__What is required__
Exercise in exact copying: restate word for word only the lines below from the one containing "Following this text" through the one containing "The image is 0.9 seconds after image 1.", omitting any pictures.

(Beginning of Given data)

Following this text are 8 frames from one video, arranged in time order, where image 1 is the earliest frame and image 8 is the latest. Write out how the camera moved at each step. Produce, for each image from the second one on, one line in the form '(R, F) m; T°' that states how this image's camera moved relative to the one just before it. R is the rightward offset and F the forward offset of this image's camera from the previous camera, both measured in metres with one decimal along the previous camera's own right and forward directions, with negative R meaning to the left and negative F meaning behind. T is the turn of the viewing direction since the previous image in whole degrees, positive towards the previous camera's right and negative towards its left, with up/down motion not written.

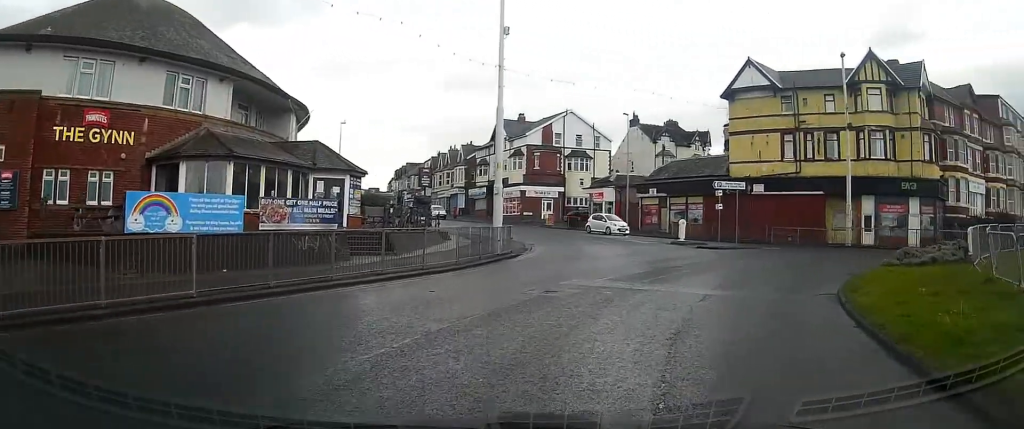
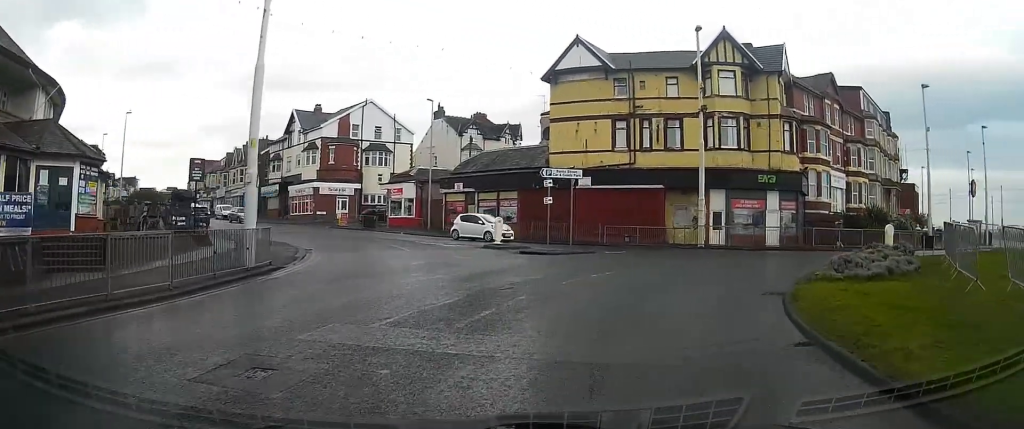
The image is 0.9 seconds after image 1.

(End of Given data)
(Beginning of Given data)

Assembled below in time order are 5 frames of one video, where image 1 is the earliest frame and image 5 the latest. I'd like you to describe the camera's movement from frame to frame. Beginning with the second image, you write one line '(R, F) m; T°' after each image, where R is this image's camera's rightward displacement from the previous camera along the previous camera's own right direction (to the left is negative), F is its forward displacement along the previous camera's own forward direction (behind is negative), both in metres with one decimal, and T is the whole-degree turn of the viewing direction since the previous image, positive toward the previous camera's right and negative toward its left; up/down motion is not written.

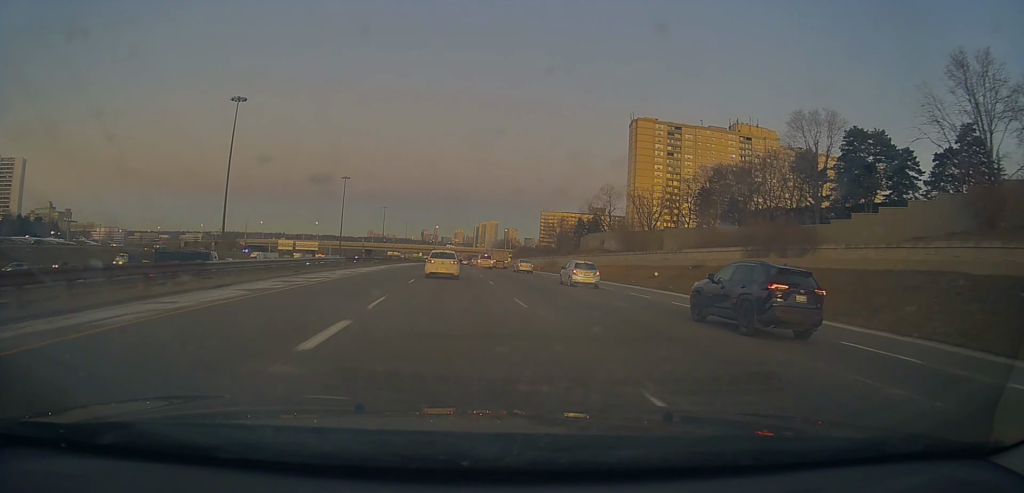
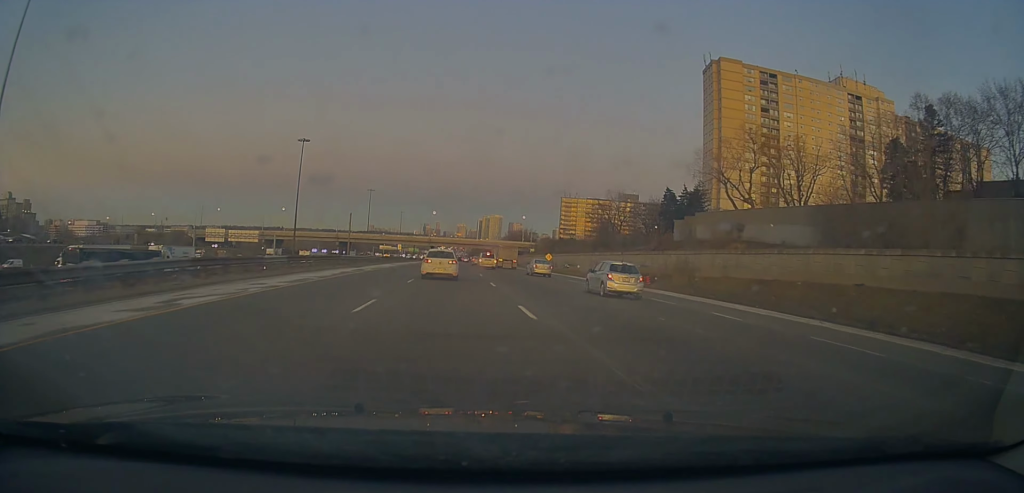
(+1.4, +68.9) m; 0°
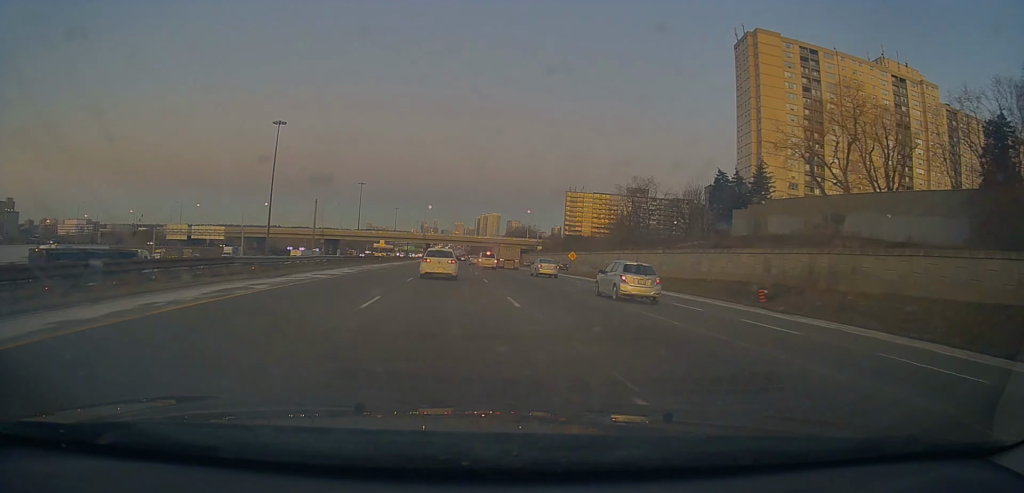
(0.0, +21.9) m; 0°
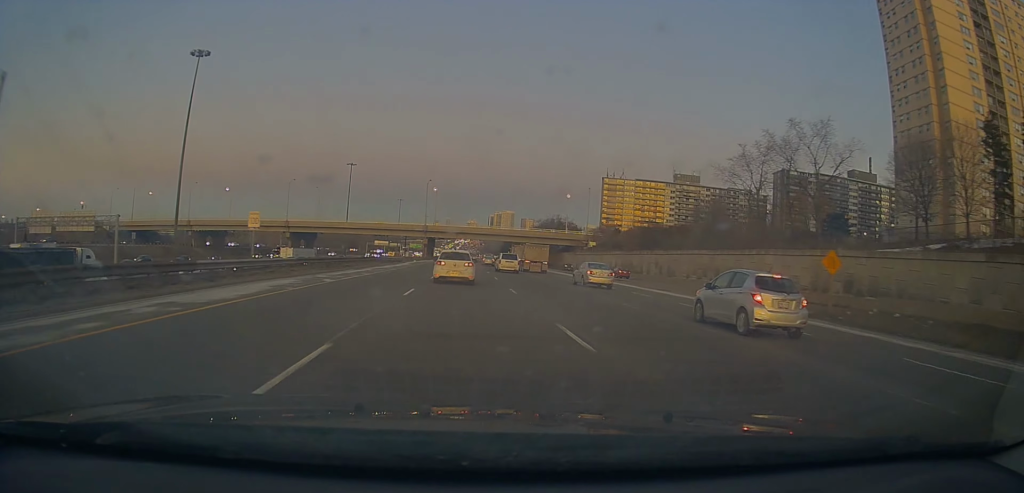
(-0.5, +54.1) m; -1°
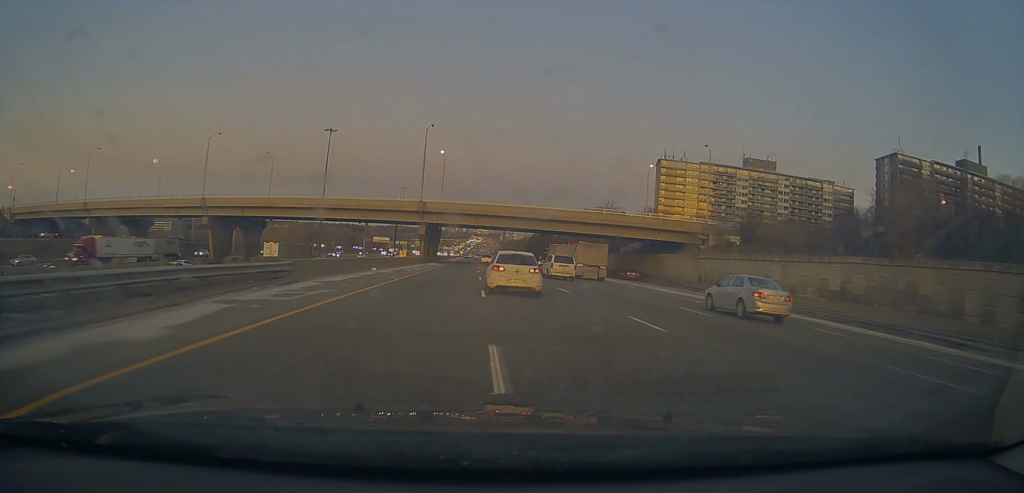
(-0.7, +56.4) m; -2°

(End of Given data)

__Solution to the exercise__
Following this text are 8 frames from one video, arranged in time order, where image 1 is the earliest frame and image 8 is the latest. Write out how the camera moved at each step. Produce, for each image from the second one on, one line in the form '(R, F) m; T°' that states how this image's camera moved relative to the one just before it. R is the rightward offset and F the forward offset of this image's camera from the previous camera, both measured in metres with one decimal along the previous camera's own right and forward directions, with negative R meaning to the left and negative F meaning behind. T is the turn of the viewing direction since the previous image in whole degrees, positive towards the previous camera's right and negative towards its left, with up/down motion not written.

The image is 0.9 seconds after image 1.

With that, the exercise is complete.